Health-related quality-of-life data was collected in KEYNOTE‑868, but the data was not collected using the EQ‑5D. The company advised that it had been unable to find a suitable method for converting the data collected in KEYNOTE‑868 to EQ‑5D data. The company then assessed other sources of health-related quality-of-life data. It thought that the endometrial cancer subgroup of KEYNOTE‑158 was the most suitable source of health-related quality-of-life data. The company noted that, although it included only people with dMMR cancer and people who had had previous treatment, the endometrial cancer subgroup population of KEYNOTE‑158 aligned reasonably well with the population of KEYNOTE‑868. The resulting utility values were used for the all-comer population and were also used in the company's analysis of the dMMR and pMMR subgroups. The EAG was concerned about the small sample size of the endometrial cancer subgroup in KEYNOTE‑158 (the exact population size is considered confidential by the company so cannot be reported here). It noted that, because of the small sample size, the data has limited generalisability, is associated with wide confidence intervals and may under- or overestimate utility values. The EAG was also concerned that health-related quality-of-life data was collected only in people with dMMR cancer, and that people with pMMR cancer may have different utility values. At the committee meeting, a clinical expert advised that they were not aware of any evidence of differences in quality of life between people with dMMR and pMMR cancer. Another clinical expert advised that dMMR cancer would be expected to respond better to immunotherapy, so might have a higher utility value than pMMR cancer if both respond to treatment. The committee recalled its preference for analysing the data by MMR subgroup (see section 3.5). It thought that the company's choice of source for health-related quality-of-life data was the most suitable for the dMMR population, but was concerned that it would not adequately represent the pMMR population. So, the committee requested that the company and EAG explore sources for health-related quality-of-life data in people with pMMR cancer or justify using the KEYNOTE‑158 endometrial cancer subgroup health-related quality-of-life data in the pMMR population.

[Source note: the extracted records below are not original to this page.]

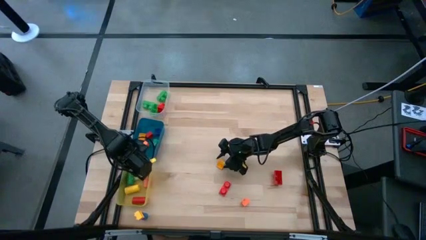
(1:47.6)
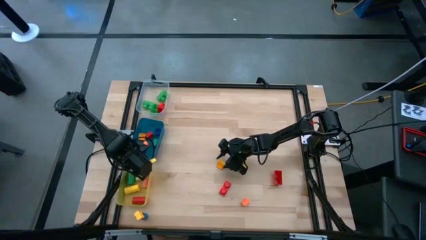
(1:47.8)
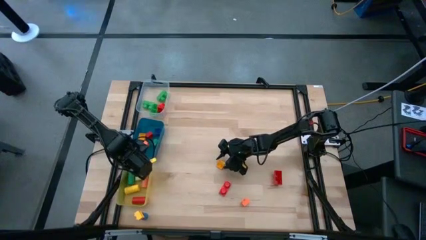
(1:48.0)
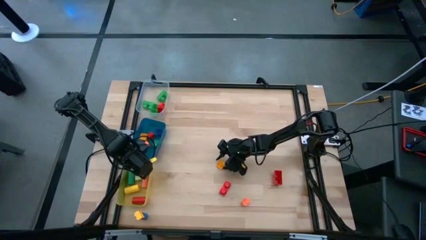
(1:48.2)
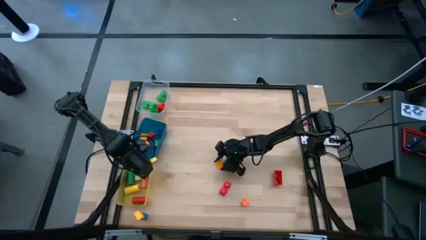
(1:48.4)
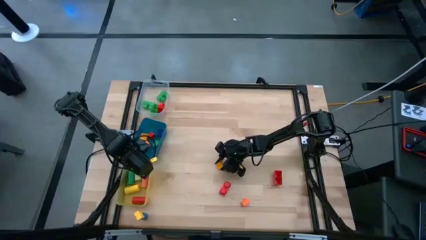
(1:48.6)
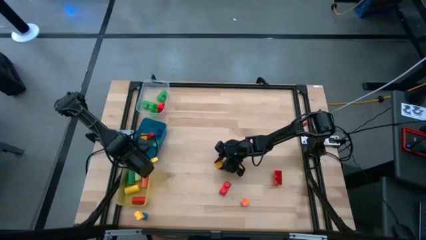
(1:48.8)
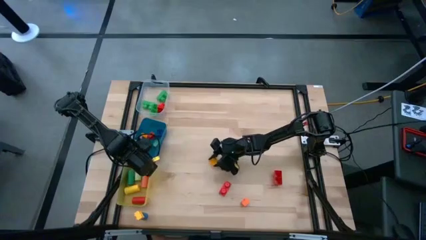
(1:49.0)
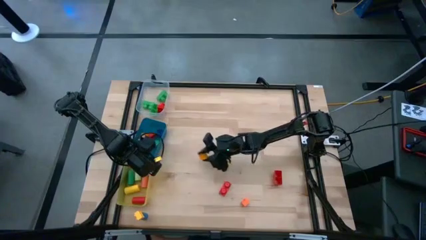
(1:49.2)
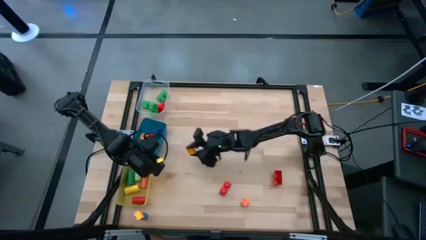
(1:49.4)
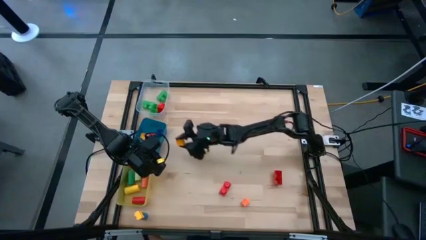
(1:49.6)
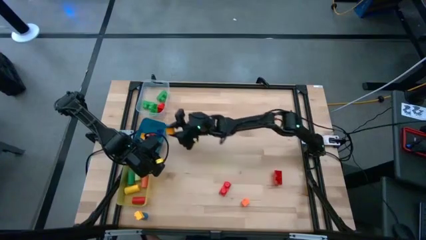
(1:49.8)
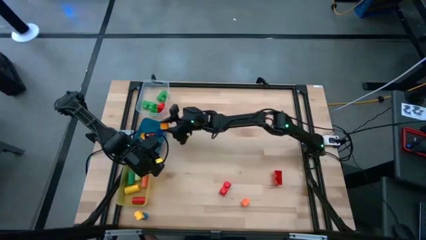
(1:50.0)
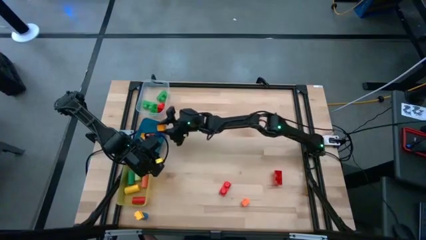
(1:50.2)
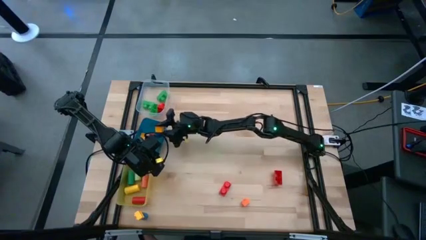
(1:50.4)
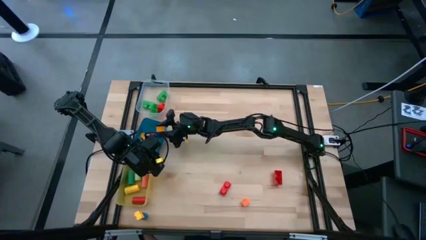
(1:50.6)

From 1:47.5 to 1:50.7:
Put the top yellow 4 stud game piece into the blue bin

In response to the draft guidance consultation, the company presented evidence that suggested similar utility values between the dMMR and pMMR subgroups. This included a comparison of the all-comer population and pMMR subgroup (which was 84% of the all-comer population) from KEYNOTE‑775, which showed similar health-related quality-of-life results between the 2 groups. The company also provided an analysis from the RUBY study, which showed a slightly higher utility in the overall population than in the dMMR subgroup. It also used utility values from KEYNOTE‑B21, which became available after the first committee meeting. KEYNOTE‑B21 is a study of people with previously untreated, post-surgical, endometrial cancer. The company thought that the results for the disease-free health state were very similar between the dMMR and pMMR cohorts but noted that it was an earlier stage of cancer. The company also noted that the progressed-disease health state has a lower utility value than the progression-free state, so the impact of lower response rate in the pMMR subgroup is already accounted for in the model. The company noted that, in the long term, the progression-free health state will mostly comprise responders. So, it thought that dMMR utilities should still be reflective of people with pMMR cancer who remain progression free in the long term, because these are also people whose cancer had a good response to treatment. The company used health-related quality-of-life data from the pMMR subgroup in KEYNOTE‑B21 to derive utilities for the progression-free health state in the model. The company thought that the disease recurrence health state from KEYNOTE‑B21 was largely aligned with the model's progression-free health state. An equivalent of the progressed-disease health state was not available from KEYNOTE‑B21, so the company continued to use the value from KEYNOTE‑158 for the progressed-disease utility value.
The EAG had several concerns about the company's updated approach. It noted that the dMMR utility values from KEYNOTE‑B21 lack face validity, which may question the validity of the pMMR values. The EAG also thought that the people in the disease recurrence health state in KEYNOTE‑B21 were not identical to the starting population of KEYNOTE‑868, noting that they may have had different previous treatments and have different current treatments. The EAG also preferred not to mix the source of utility values for each health state without good justification. So, it preferred to maintain using KEYNOTE‑158 sourced utility values in its base case.
At the second committee meeting, the clinical expert advised that the trial population of KEYNOTE‑868 was dissimilar to the KEYNOTE‑B21 population. But, they expected dMMR and pMMR utility values to be different because the groups respond differently to treatment. The committee noted the clinical expert's view that dMMR and pMMR utility values are expected to be different. But, it was reassured by the evidence presented by the company that indicated that, within each health state, utility values between subgroups were similar. It also noted the limited impact on the cost-effectiveness results when using either the company's or the EAG's preferred approach. So, it agreed that using the KEYNOTE‑158 utilities for both subgroups in the progression-free and progressed-disease health states was the best available approach for estimating utility values in the model.